> [MATERIALS PROVIDED]
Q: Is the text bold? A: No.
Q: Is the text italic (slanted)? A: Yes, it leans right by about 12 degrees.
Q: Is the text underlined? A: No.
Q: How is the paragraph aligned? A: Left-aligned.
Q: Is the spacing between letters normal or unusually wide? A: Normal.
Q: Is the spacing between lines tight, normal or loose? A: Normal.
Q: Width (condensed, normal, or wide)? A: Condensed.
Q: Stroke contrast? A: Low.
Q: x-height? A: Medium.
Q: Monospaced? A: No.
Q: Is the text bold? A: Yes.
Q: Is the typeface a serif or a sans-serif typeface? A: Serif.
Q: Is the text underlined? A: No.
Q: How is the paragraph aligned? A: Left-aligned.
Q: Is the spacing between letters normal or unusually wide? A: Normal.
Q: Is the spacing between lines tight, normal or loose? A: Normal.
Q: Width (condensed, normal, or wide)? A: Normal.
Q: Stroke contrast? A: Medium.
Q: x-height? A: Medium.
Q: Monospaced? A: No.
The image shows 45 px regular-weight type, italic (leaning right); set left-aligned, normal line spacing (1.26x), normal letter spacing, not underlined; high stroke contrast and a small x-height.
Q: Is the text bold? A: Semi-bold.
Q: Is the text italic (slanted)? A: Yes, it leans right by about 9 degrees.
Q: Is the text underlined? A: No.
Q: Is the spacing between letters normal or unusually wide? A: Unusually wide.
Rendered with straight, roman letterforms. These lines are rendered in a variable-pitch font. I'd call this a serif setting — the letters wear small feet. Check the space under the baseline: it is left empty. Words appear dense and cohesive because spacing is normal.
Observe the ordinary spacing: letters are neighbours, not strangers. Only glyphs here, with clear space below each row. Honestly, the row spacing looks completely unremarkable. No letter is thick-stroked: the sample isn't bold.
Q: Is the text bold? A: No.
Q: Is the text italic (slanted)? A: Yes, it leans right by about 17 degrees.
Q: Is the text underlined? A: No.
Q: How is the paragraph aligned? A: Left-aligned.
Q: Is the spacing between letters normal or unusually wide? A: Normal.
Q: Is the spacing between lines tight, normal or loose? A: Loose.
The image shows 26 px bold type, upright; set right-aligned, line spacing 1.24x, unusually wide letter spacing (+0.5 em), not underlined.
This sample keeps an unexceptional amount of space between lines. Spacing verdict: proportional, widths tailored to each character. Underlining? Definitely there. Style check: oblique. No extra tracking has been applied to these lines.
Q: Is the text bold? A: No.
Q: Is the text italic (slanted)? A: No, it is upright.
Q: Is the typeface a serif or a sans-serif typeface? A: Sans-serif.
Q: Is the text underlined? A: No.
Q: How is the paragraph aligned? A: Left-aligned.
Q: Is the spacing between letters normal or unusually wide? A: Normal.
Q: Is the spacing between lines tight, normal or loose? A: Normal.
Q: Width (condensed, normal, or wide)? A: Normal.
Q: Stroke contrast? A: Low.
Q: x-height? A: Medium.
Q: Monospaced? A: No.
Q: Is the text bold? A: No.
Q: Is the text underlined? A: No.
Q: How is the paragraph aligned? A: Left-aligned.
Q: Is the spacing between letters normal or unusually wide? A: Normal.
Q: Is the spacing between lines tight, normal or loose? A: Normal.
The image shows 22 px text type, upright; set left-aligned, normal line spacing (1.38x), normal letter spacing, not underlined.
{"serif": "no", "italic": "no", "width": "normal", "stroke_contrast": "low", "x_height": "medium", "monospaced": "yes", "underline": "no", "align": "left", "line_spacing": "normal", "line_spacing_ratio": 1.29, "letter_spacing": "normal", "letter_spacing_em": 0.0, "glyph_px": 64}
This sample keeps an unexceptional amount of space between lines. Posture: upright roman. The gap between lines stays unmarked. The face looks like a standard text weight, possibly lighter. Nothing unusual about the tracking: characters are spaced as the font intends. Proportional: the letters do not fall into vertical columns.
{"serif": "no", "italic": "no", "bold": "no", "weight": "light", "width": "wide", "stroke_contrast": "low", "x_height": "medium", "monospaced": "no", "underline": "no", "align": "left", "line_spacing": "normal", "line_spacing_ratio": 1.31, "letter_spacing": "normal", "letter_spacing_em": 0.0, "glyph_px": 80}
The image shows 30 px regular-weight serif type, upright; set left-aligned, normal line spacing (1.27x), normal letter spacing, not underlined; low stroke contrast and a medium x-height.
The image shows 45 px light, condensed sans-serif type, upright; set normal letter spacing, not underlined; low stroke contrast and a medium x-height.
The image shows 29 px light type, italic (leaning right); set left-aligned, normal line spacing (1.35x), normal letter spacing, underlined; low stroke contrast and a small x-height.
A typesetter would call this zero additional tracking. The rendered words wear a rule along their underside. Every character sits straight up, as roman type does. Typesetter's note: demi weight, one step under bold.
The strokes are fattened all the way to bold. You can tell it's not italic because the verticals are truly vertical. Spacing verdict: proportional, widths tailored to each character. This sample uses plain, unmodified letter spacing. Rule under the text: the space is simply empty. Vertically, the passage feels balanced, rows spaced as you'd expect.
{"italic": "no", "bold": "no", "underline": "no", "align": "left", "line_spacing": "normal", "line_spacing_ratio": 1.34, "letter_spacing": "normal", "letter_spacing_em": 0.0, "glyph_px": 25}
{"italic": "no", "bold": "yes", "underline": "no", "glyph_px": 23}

> [DIRECTIONS FOR THIS TASK] Please give the number of lines in the entries that contain the word "sans", and nothing besides it.

> [EXERCISE OUTPUT] 3